When you copy the records, keep every word exact and leave the pictures out.
======== RECORDED DATA
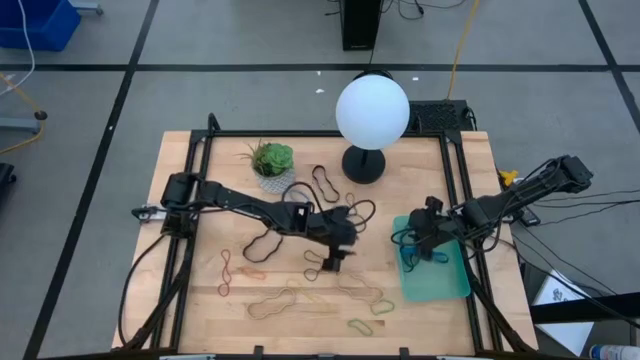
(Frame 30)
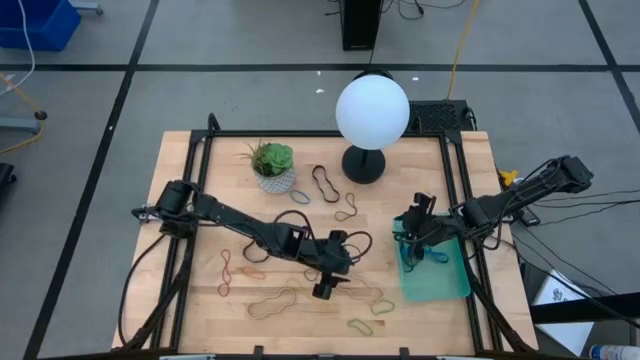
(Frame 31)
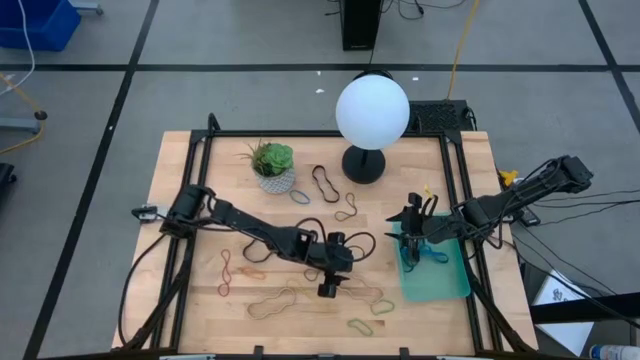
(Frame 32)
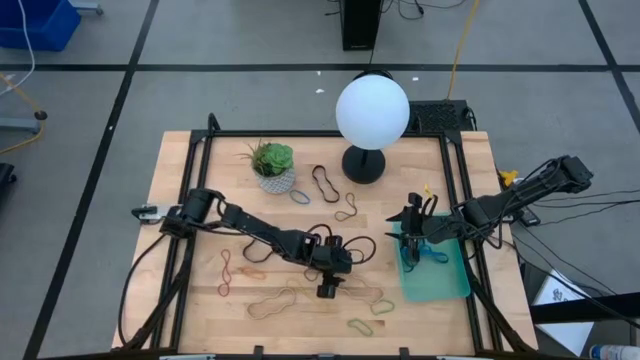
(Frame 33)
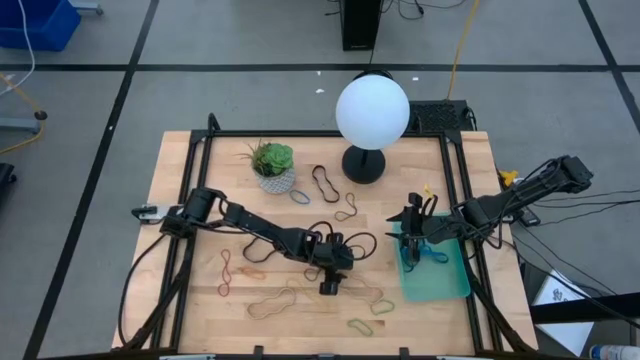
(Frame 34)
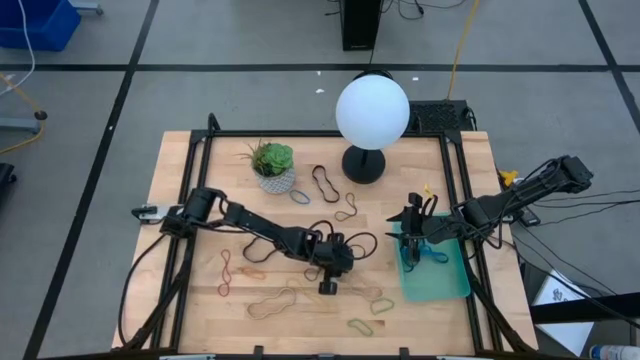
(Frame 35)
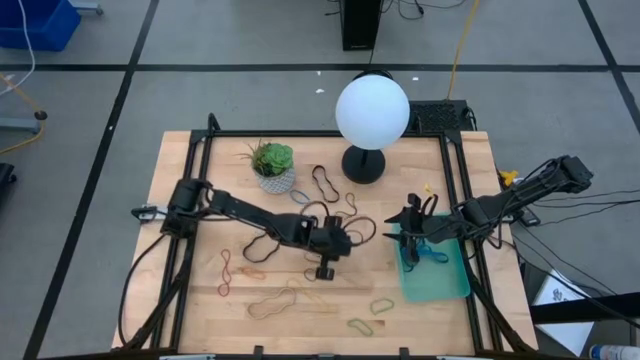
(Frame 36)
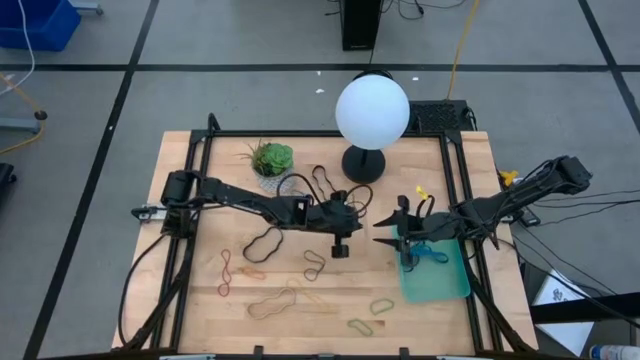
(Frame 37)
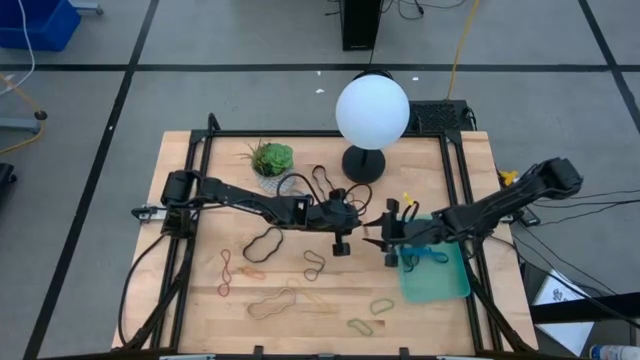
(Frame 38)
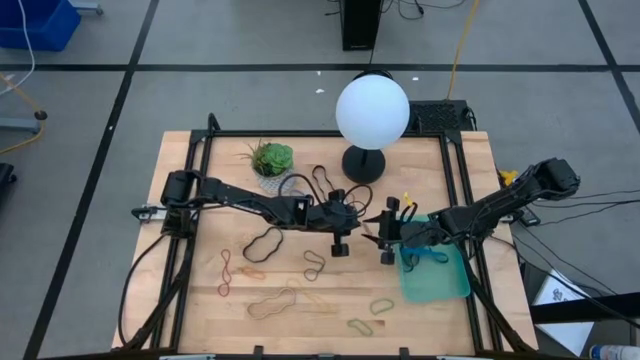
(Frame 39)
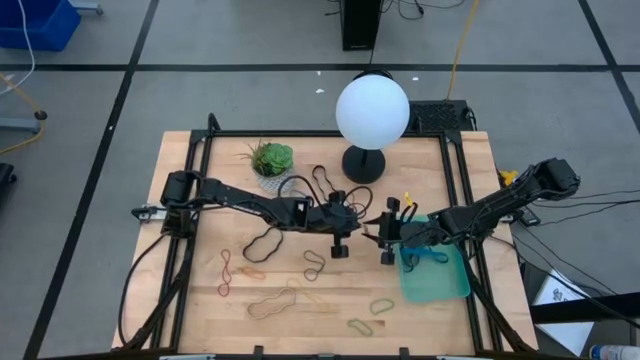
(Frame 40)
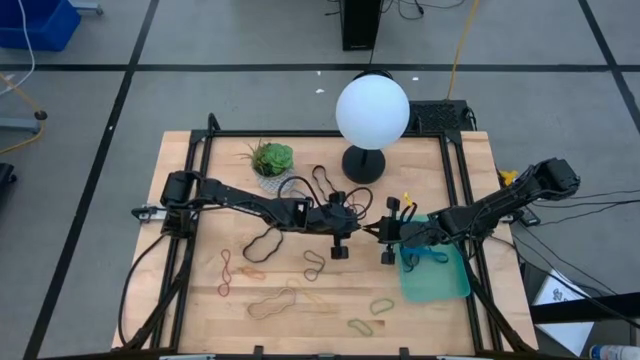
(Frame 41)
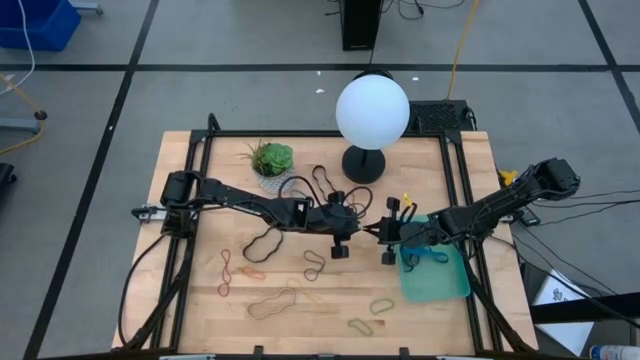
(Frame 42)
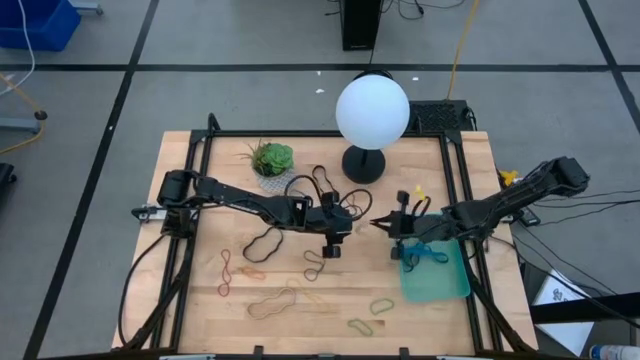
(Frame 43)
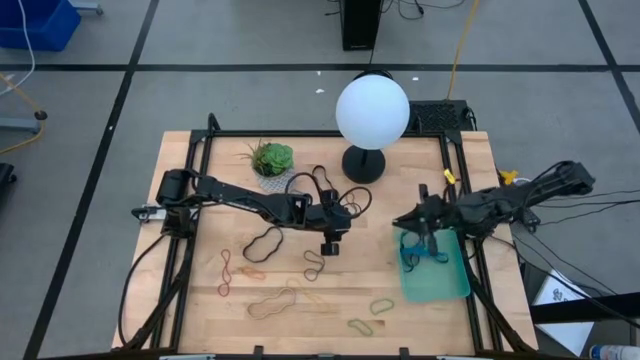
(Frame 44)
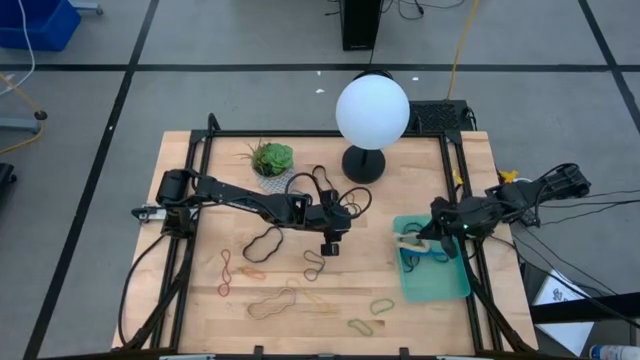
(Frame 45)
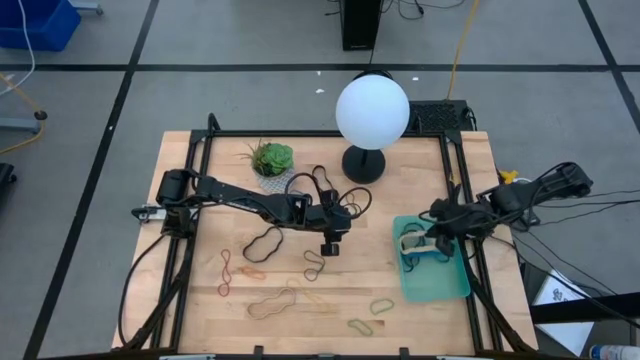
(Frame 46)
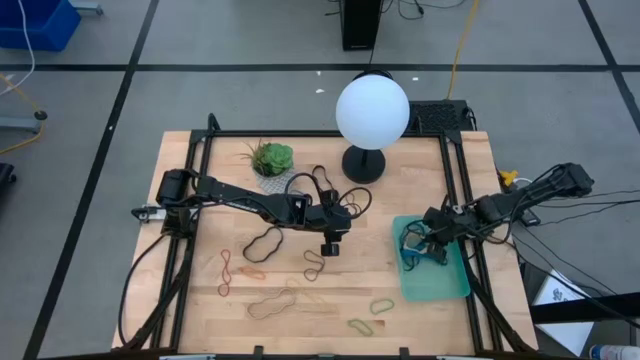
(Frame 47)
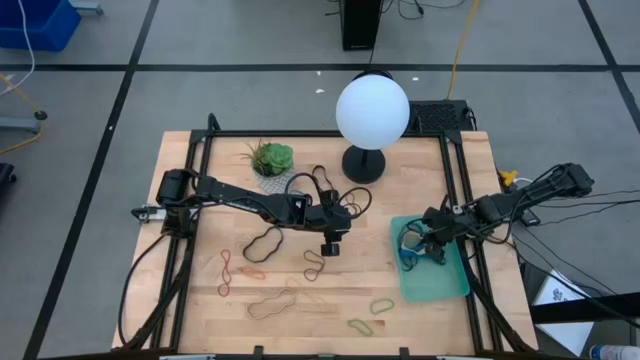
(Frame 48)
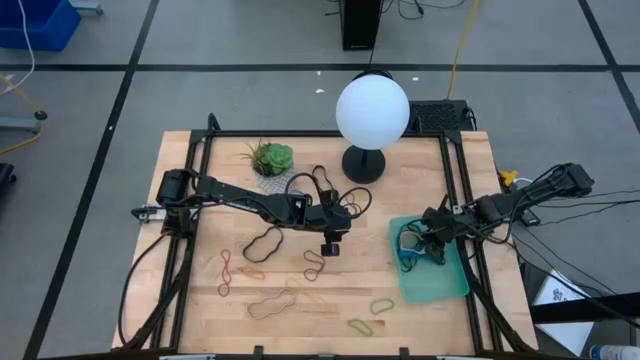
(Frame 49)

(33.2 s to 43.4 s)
Task: Pick and place rubber bands into bin
Put the right white rubber band into the bin
================
» FINAL ANSWER:
(Frame 30)
(Frame 31)
(Frame 32)
(Frame 33)
(Frame 34)
(Frame 35)
(Frame 36)
(Frame 37)
(Frame 38)
(Frame 39)
(Frame 40)
(Frame 41)
(Frame 42)
(Frame 43)
(Frame 44)
(Frame 45)
(Frame 46)
(Frame 47)
(Frame 48)
(Frame 49)

(33.2 s to 43.4 s)
Task: Pick and place rubber bands into bin
Put the right white rubber band into the bin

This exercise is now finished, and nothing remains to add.